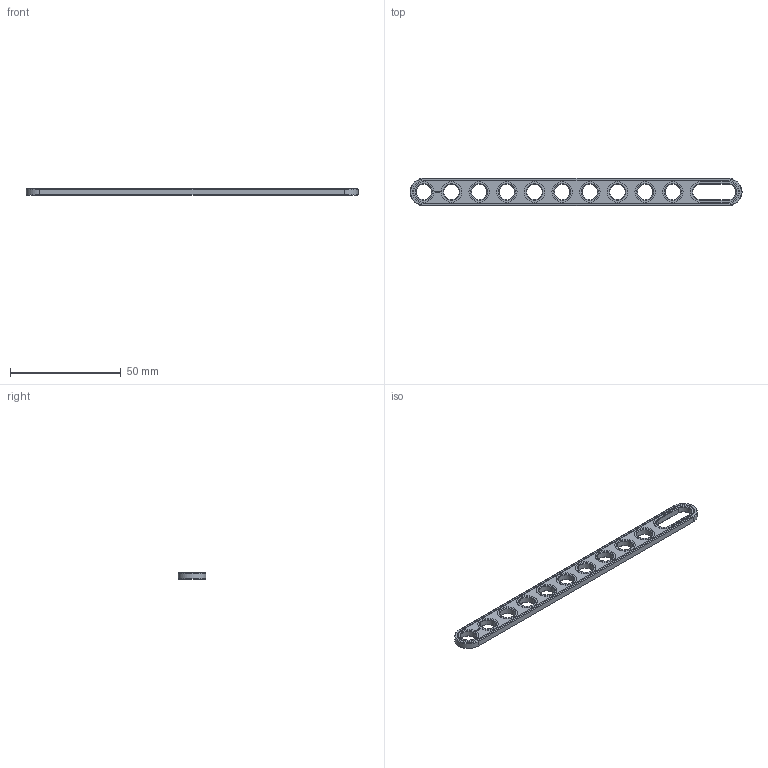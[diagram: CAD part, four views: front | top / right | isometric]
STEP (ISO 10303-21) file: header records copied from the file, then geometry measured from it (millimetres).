
FILE_DESCRIPTION(('FreeCAD Model'),'2;1');
FILE_NAME('Open CASCADE Shape Model','2021-02-26T14:05:48',( 'Paulo Kiefe'),('STEMFIE.org'),'Open CASCADE STEP processor 7.4', 'FreeCAD','Unknown');
FILE_SCHEMA(('AUTOMOTIVE_DESIGN { 1 0 10303 214 1 1 1 1 }'));
Length unit declared in the file: millimetre
Products named in the file (1): Brace_STR_SLT_SE_ERR_-_BU12x01x00.25x02_SPN-BRC-0167_(stemfie.org)
Bounding box: 150 x 12.5 x 3.12 mm (x, y, z)
Volume: 3974.7 mm3; surface area: 4406.6 mm2
Topology: 1 solids, 1 shells, 577 faces, 1564 edges, 1034 vertices
Faces by surface type: plane 343, extrusion 178, cone 28, cylinder 28
Full cylindrical faces by diameter (mm): 7 x10, 9.2 x10
Entity records: 39808 total; most frequent: CARTESIAN_POINT 9760, DIRECTION 4844, VECTOR 3820, LINE 3642, ORIENTED_EDGE 3128, PCURVE 3128, DEFINITIONAL_REPRESENTATION 3128, EDGE_CURVE 1564
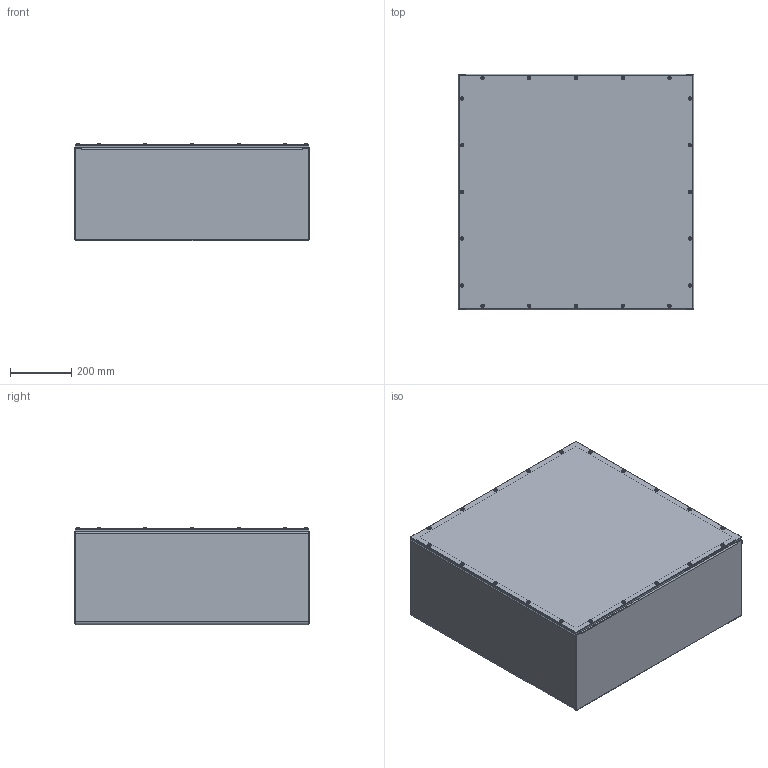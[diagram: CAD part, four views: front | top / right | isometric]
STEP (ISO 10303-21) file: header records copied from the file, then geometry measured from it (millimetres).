
FILE_DESCRIPTION(/* description */ ('WA_GSCSS, NEMA 4X, BLR, 30 X 30 X 12'),/* implementation_level */ '2;1');
FILE_NAME(/* name */ 'WA303012GSCSS.stp',/* time_stamp */ '2016-07-26T20:16:36+06:00',/* author */ ('rsundaram'),/* organization */ (''),/* preprocessor_version */ 'ST-DEVELOPER v16.1',/* originating_system */ 'Autodesk Inventor 2016',/* authorisation */ '');
FILE_SCHEMA (('AUTOMOTIVE_DESIGN { 1 0 10303 214 3 1 1 }'));
Length unit declared in the file: inch
Products named in the file (9): WA303012GSCSSBLR; WA3012GSCSSTB; WA3030GSCSSLID; WA3030GSCSSSTRIPGSK; 37210; 39077; 39035; 34984; WA303012GSCSS
Assembly tree (85 placements, depth 2):
  WA303012GSCSS
    WA303012GSCSSBLR
    WA3012GSCSSTB  x2
    WA3030GSCSSLID
    WA3030GSCSSSTRIPGSK
    37210  x20
    39077  x20
    39035  x20
    34984  x20
Bounding box: 768.35 x 768.35 x 317.7 mm (x, y, z)
Volume: 6018079.8 mm3; surface area: 4487136.1 mm2
Topology: 85 solids, 85 shells, 1698 faces, 4196 edges, 2708 vertices
Faces by surface type: plane 958, cylinder 320, cone 260, torus 120, sphere 40
Full cylindrical faces by diameter (mm): 3.962 x20, 4.255 x20, 4.775 x20, 4.978 x20, 6.299 x20, 6.528 x20, 7.061 x20, 7.144 x20, 10.312 x20, 11.112 x20, 11.506 x20
Entity records: 6538 total; most frequent: CARTESIAN_POINT 1177, DIRECTION 1124, ORIENTED_EDGE 828, AXIS2_PLACEMENT_3D 453, EDGE_CURVE 414, EDGE_LOOP 318, VERTEX_POINT 290, LINE 218
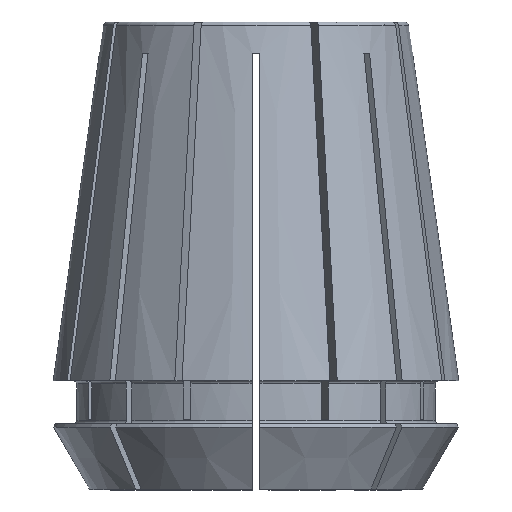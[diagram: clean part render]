
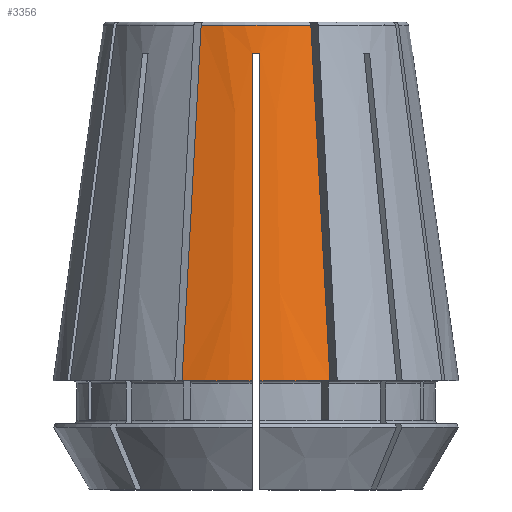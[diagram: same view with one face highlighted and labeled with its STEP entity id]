
A CAD part, left-side view. The second image highlights one B-rep face of the part: STEP entity #3356.
In plain terms, the highlighted conical face has half-angle 8 degrees and reference radius 26 mm.
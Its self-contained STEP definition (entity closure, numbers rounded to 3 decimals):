
#49=CONICAL_SURFACE('',#3716,26.,0.14);
#556=B_SPLINE_CURVE_WITH_KNOTS('',3,(#4949,#4950,#4951,#4952,#4953,#4954,
#4955,#4956,#4957,#4958),.UNSPECIFIED.,.F.,.F.,(4,3,3,4),(0.031,
0.037,0.073,0.074),.UNSPECIFIED.);
#589=B_SPLINE_CURVE_WITH_KNOTS('',3,(#5266,#5267,#5268,#5269,#5270,#5271,
#5272),.UNSPECIFIED.,.F.,.F.,(4,3,4),(0.,0.034,
0.046),.UNSPECIFIED.);
#598=B_SPLINE_CURVE_WITH_KNOTS('',3,(#5359,#5360,#5361,#5362,#5363,#5364,
#5365),.UNSPECIFIED.,.F.,.F.,(4,3,4),(0.,0.034,
0.046),.UNSPECIFIED.);
#672=B_SPLINE_CURVE_WITH_KNOTS('',3,(#6165,#6166,#6167,#6168,#6169,#6170,
#6171,#6172,#6173,#6174),.UNSPECIFIED.,.F.,.F.,(4,3,3,4),(0.031,
0.037,0.073,0.074),.UNSPECIFIED.);
#1493=ORIENTED_EDGE('',*,*,#2125,.T.);
#1494=ORIENTED_EDGE('',*,*,#2243,.F.);
#1495=ORIENTED_EDGE('',*,*,#1843,.F.);
#1496=ORIENTED_EDGE('',*,*,#1830,.T.);
#1497=ORIENTED_EDGE('',*,*,#2089,.T.);
#1498=ORIENTED_EDGE('',*,*,#1956,.F.);
#1499=ORIENTED_EDGE('',*,*,#2244,.F.);
#1500=ORIENTED_EDGE('',*,*,#1927,.T.);
#1830=EDGE_CURVE('',#2350,#2351,#556,.T.);
#1843=EDGE_CURVE('',#2350,#2363,#2653,.T.);
#1927=EDGE_CURVE('',#2436,#2435,#589,.T.);
#1956=EDGE_CURVE('',#2459,#2460,#598,.T.);
#2089=EDGE_CURVE('',#2351,#2460,#2731,.T.);
#2125=EDGE_CURVE('',#2435,#2563,#2750,.T.);
#2243=EDGE_CURVE('',#2363,#2563,#672,.T.);
#2244=EDGE_CURVE('',#2436,#2459,#2791,.T.);
#2350=VERTEX_POINT('',#4959);
#2351=VERTEX_POINT('',#4960);
#2363=VERTEX_POINT('',#5001);
#2435=VERTEX_POINT('',#5265);
#2436=VERTEX_POINT('',#5273);
#2459=VERTEX_POINT('',#5358);
#2460=VERTEX_POINT('',#5366);
#2563=VERTEX_POINT('',#5813);
#2653=CIRCLE('',#3453,20.097);
#2731=CIRCLE('',#3590,26.);
#2750=CIRCLE('',#3629,26.);
#2791=CIRCLE('',#3717,19.596);
#2945=EDGE_LOOP('',(#1493,#1494,#1495,#1496,#1497,#1498,#1499,#1500));
#3123=FACE_BOUND('',#2945,.T.);
#3356=ADVANCED_FACE('',(#3123),#49,.T.);
#3453=AXIS2_PLACEMENT_3D('',#5000,#3895,#3896);
#3590=AXIS2_PLACEMENT_3D('',#5728,#4267,#4268);
#3629=AXIS2_PLACEMENT_3D('',#5814,#4358,#4359);
#3716=AXIS2_PLACEMENT_3D('',#6164,#4573,#4574);
#3717=AXIS2_PLACEMENT_3D('',#6175,#4575,#4576);
#3895=DIRECTION('',(0.,0.,-1.));
#3896=DIRECTION('',(-1.,0.,0.));
#4267=DIRECTION('',(0.,0.,1.));
#4268=DIRECTION('',(1.,0.,0.));
#4358=DIRECTION('',(0.,0.,1.));
#4359=DIRECTION('',(1.,0.,0.));
#4573=DIRECTION('',(0.,0.,-1.));
#4574=DIRECTION('',(-1.,0.,0.));
#4575=DIRECTION('',(0.,0.,1.));
#4576=DIRECTION('',(1.,0.,0.));
#4949=CARTESIAN_POINT('',(-20.091,-0.5,56.2));
#4950=CARTESIAN_POINT('',(-20.346,-0.5,54.39));
#4951=CARTESIAN_POINT('',(-20.6,-0.5,52.579));
#4952=CARTESIAN_POINT('',(-20.855,-0.5,50.769));
#4953=CARTESIAN_POINT('',(-22.554,-0.5,38.679));
#4954=CARTESIAN_POINT('',(-24.254,-0.5,26.59));
#4955=CARTESIAN_POINT('',(-25.953,-0.5,14.501));
#4956=CARTESIAN_POINT('',(-25.967,-0.5,14.401));
#4957=CARTESIAN_POINT('',(-25.981,-0.5,14.3));
#4958=CARTESIAN_POINT('',(-25.995,-0.5,14.2));
#4959=CARTESIAN_POINT('',(-20.091,-0.5,56.2));
#4960=CARTESIAN_POINT('',(-25.995,-0.5,14.2));
#5000=CARTESIAN_POINT('',(0.,0.,56.2));
#5001=CARTESIAN_POINT('',(-20.091,0.5,56.2));
#5265=CARTESIAN_POINT('',(-24.208,9.486,14.2));
#5266=CARTESIAN_POINT('',(-18.289,7.035,59.77));
#5267=CARTESIAN_POINT('',(-19.764,7.645,48.414));
#5268=CARTESIAN_POINT('',(-21.239,8.256,37.058));
#5269=CARTESIAN_POINT('',(-22.714,8.867,25.702));
#5270=CARTESIAN_POINT('',(-23.212,9.074,21.868));
#5271=CARTESIAN_POINT('',(-23.71,9.28,18.034));
#5272=CARTESIAN_POINT('',(-24.208,9.486,14.2));
#5273=CARTESIAN_POINT('',(-18.289,7.035,59.77));
#5358=CARTESIAN_POINT('',(-18.289,-7.035,59.77));
#5359=CARTESIAN_POINT('',(-18.289,-7.035,59.77));
#5360=CARTESIAN_POINT('',(-19.764,-7.645,48.414));
#5361=CARTESIAN_POINT('',(-21.239,-8.256,37.058));
#5362=CARTESIAN_POINT('',(-22.714,-8.867,25.702));
#5363=CARTESIAN_POINT('',(-23.212,-9.074,21.868));
#5364=CARTESIAN_POINT('',(-23.71,-9.28,18.034));
#5365=CARTESIAN_POINT('',(-24.208,-9.486,14.2));
#5366=CARTESIAN_POINT('',(-24.208,-9.486,14.2));
#5728=CARTESIAN_POINT('',(0.,0.,14.2));
#5813=CARTESIAN_POINT('',(-25.995,0.5,14.2));
#5814=CARTESIAN_POINT('',(0.,0.,14.2));
#6164=CARTESIAN_POINT('',(0.,0.,14.2));
#6165=CARTESIAN_POINT('',(-20.091,0.5,56.2));
#6166=CARTESIAN_POINT('',(-20.346,0.5,54.39));
#6167=CARTESIAN_POINT('',(-20.6,0.5,52.579));
#6168=CARTESIAN_POINT('',(-20.855,0.5,50.769));
#6169=CARTESIAN_POINT('',(-22.554,0.5,38.679));
#6170=CARTESIAN_POINT('',(-24.254,0.5,26.59));
#6171=CARTESIAN_POINT('',(-25.953,0.5,14.501));
#6172=CARTESIAN_POINT('',(-25.967,0.5,14.401));
#6173=CARTESIAN_POINT('',(-25.981,0.5,14.3));
#6174=CARTESIAN_POINT('',(-25.995,0.5,14.2));
#6175=CARTESIAN_POINT('',(0.,0.,59.77));
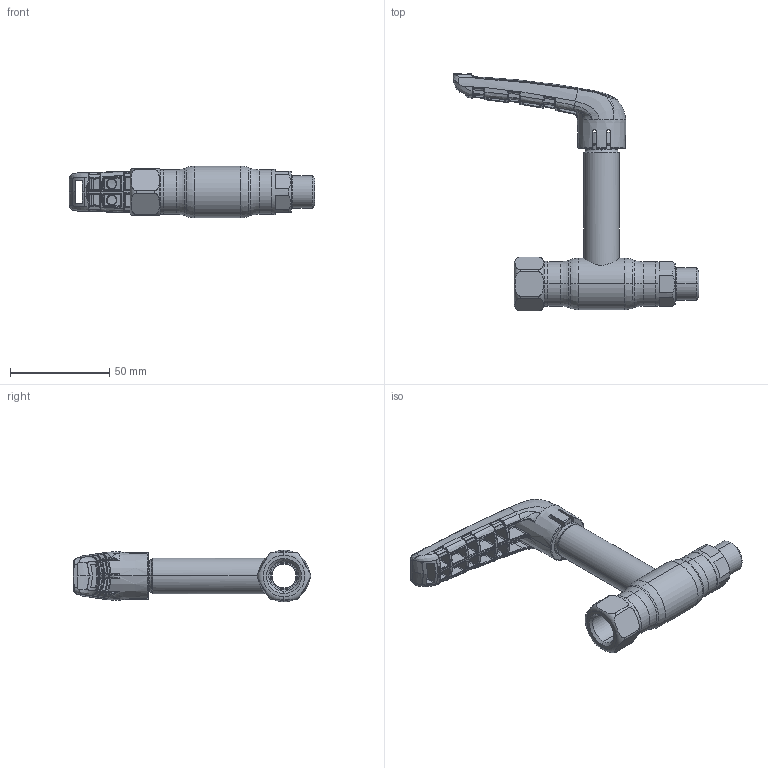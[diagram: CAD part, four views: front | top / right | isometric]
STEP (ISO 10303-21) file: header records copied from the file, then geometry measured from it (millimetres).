
FILE_DESCRIPTION (( 'STEP AP214' ), '1' );
FILE_NAME ('1010002401-xxxx.step', '2019-05-09T10:13:37', ( '' ), ( '' ), 'SwSTEP 2.0', 'SolidWorks 2017', '' );
FILE_SCHEMA (( 'AUTOMOTIVE_DESIGN' ));
Length unit declared in the file: millimetre
Products named in the file (1): 1010002401-xxxx
Bounding box: 123.78 x 119.68 x 26 mm (x, y, z)
Surface area: 22599.6 mm2 (no closed solid volume)
Topology: 0 solids, 7 shells, 789 faces, 2362 edges, 1477 vertices
Faces by surface type: bspline 627, plane 72, cylinder 40, cone 25, torus 25
Entity records: 66515 total; most frequent: CARTESIAN_POINT 42421, ORIENTED_EDGE 4017, EDGE_CURVE 2342, B_SPLINE_CURVE_WITH_KNOTS 1614, DIRECTION 1585, VERTEX_POINT 1477, EDGE_LOOP 812, UNCERTAINTY_MEASURE_WITH_UNIT 791

* **EXERCISE**
Count the lines in the records above that contain "cone", please, and give the number without any other words.

* **SOLUTION TO THE PROBLEM**
3